• Instructions to follow: Your copy should match the listing below exactly, except that it holds no images.

• Material provided:
═══

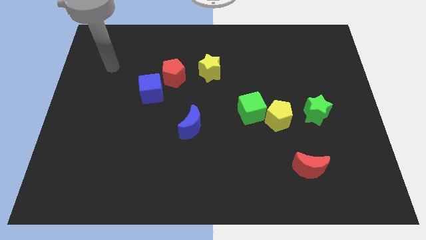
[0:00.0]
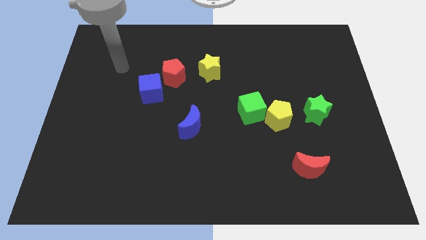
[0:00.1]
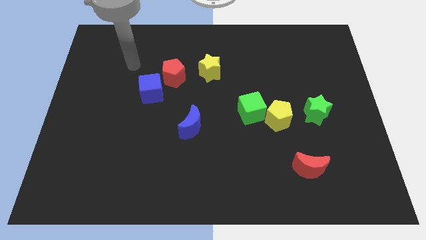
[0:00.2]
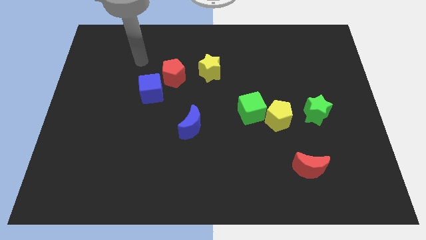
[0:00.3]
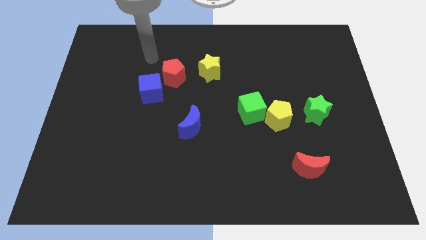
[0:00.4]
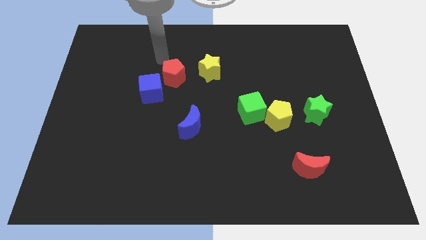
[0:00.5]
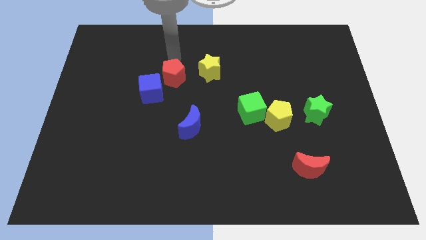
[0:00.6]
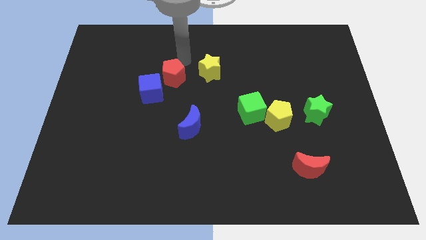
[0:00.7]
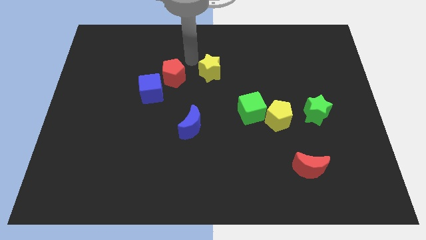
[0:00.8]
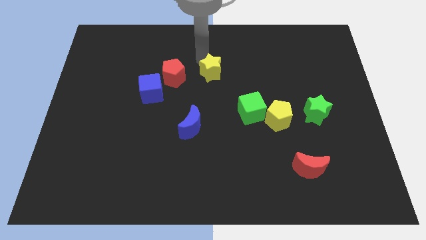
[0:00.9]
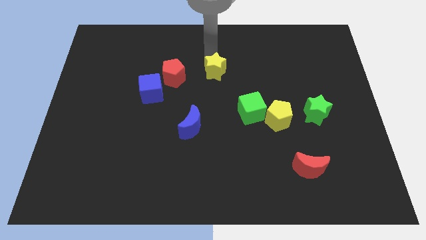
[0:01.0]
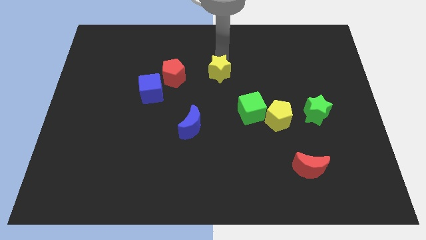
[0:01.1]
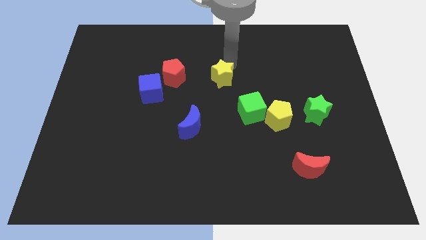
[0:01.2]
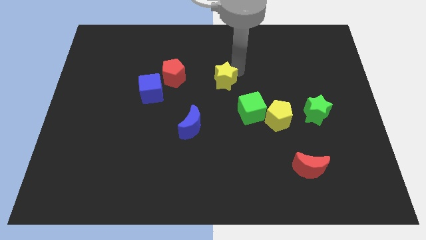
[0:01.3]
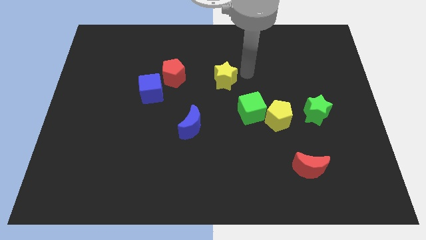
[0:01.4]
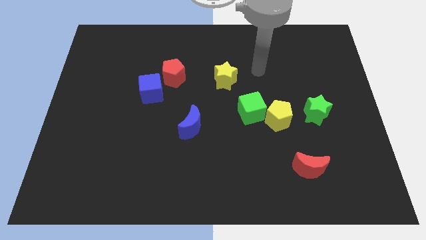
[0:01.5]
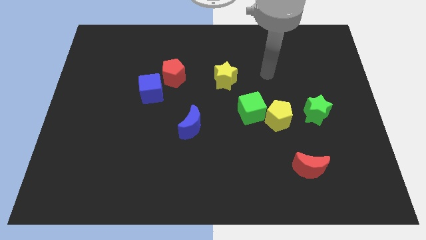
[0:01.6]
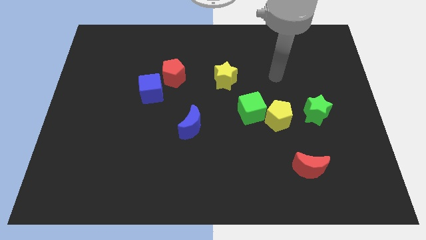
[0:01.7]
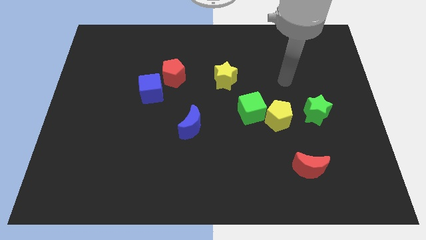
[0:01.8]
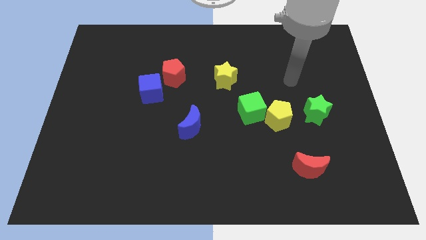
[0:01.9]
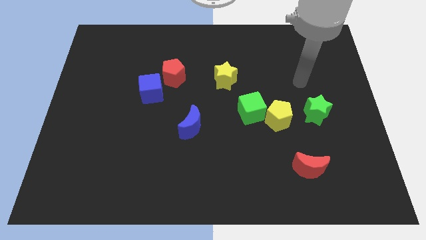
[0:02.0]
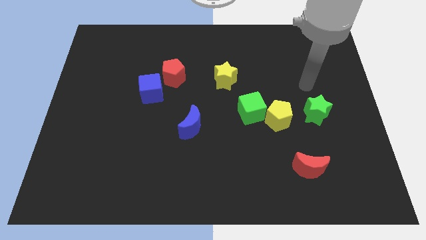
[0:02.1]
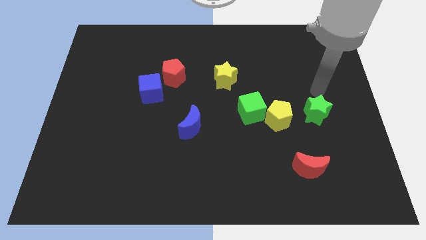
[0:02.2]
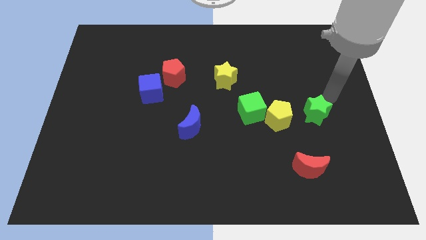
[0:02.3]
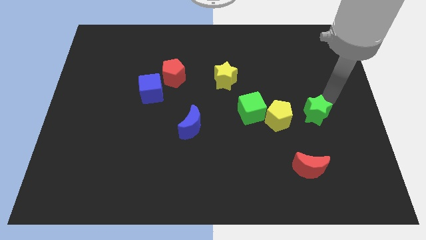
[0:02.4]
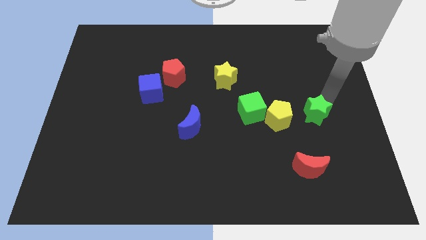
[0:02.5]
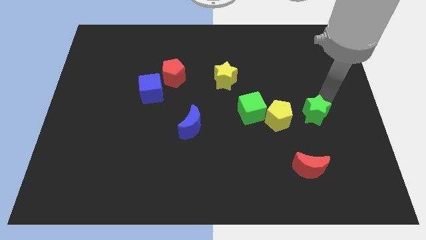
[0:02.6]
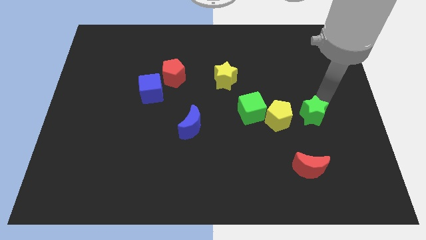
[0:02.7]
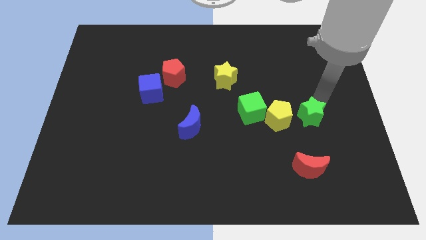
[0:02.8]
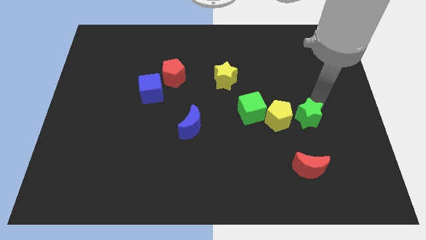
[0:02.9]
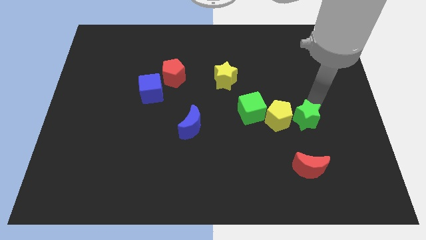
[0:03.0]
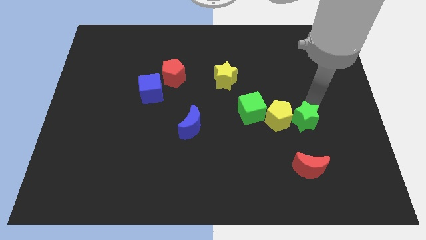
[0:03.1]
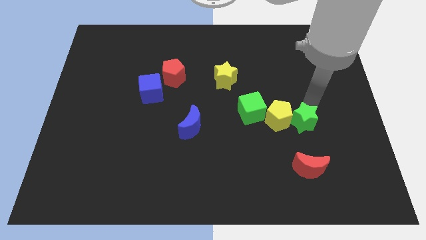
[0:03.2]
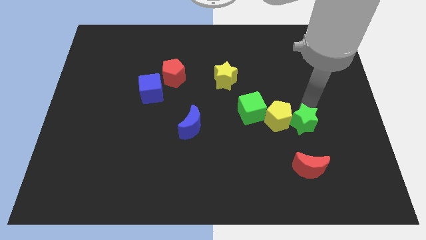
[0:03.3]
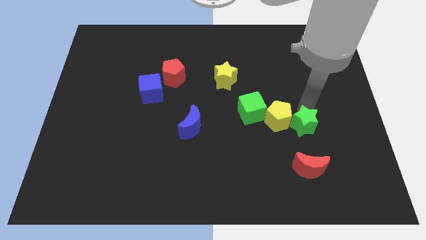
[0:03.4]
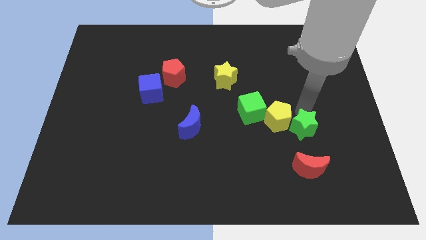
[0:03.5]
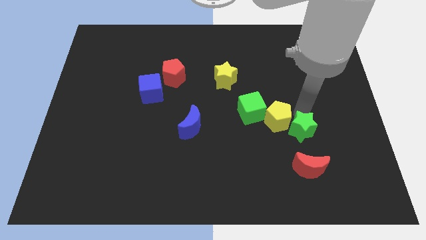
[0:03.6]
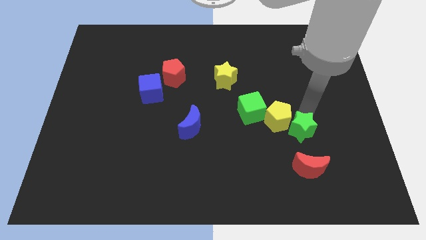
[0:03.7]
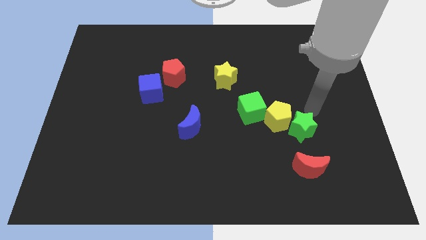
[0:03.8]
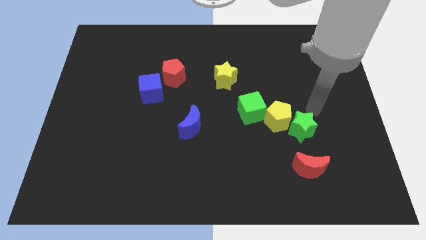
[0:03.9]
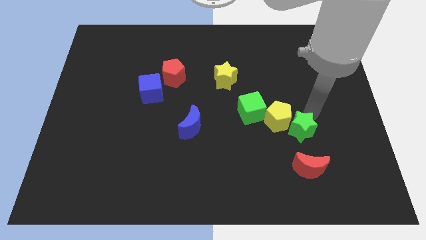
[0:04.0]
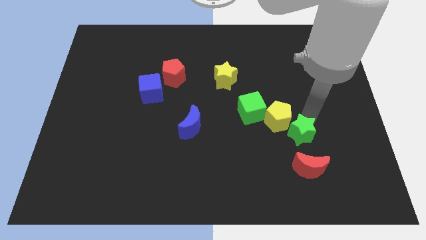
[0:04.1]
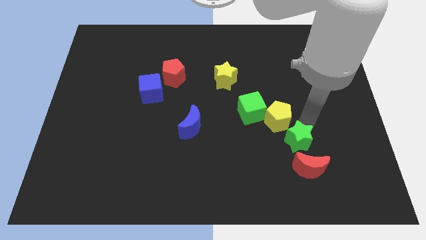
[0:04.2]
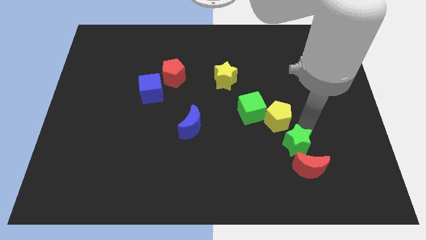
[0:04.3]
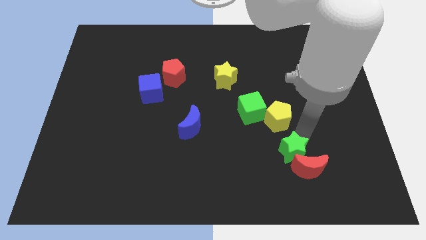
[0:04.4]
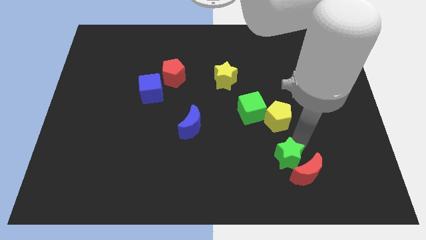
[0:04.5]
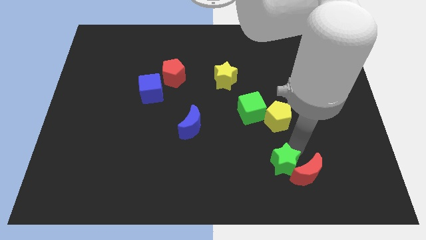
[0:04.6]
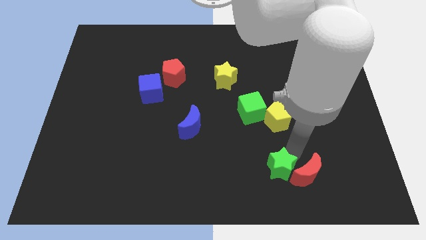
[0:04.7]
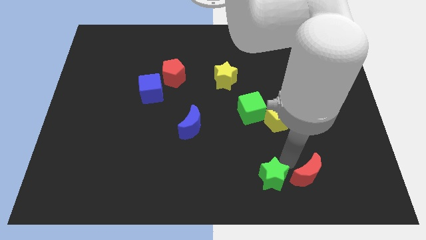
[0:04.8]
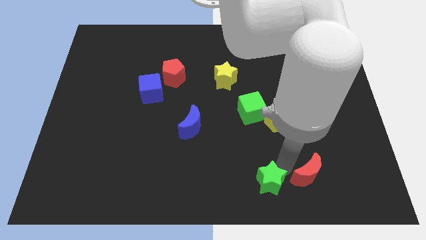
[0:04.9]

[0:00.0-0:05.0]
move the green star to the bottom side

═══

• Task output:
[0:00.0]
[0:00.1]
[0:00.2]
[0:00.3]
[0:00.4]
[0:00.5]
[0:00.6]
[0:00.7]
[0:00.8]
[0:00.9]
[0:01.0]
[0:01.1]
[0:01.2]
[0:01.3]
[0:01.4]
[0:01.5]
[0:01.6]
[0:01.7]
[0:01.8]
[0:01.9]
[0:02.0]
[0:02.1]
[0:02.2]
[0:02.3]
[0:02.4]
[0:02.5]
[0:02.6]
[0:02.7]
[0:02.8]
[0:02.9]
[0:03.0]
[0:03.1]
[0:03.2]
[0:03.3]
[0:03.4]
[0:03.5]
[0:03.6]
[0:03.7]
[0:03.8]
[0:03.9]
[0:04.0]
[0:04.1]
[0:04.2]
[0:04.3]
[0:04.4]
[0:04.5]
[0:04.6]
[0:04.7]
[0:04.8]
[0:04.9]

[0:00.0-0:05.0]
move the green star to the bottom side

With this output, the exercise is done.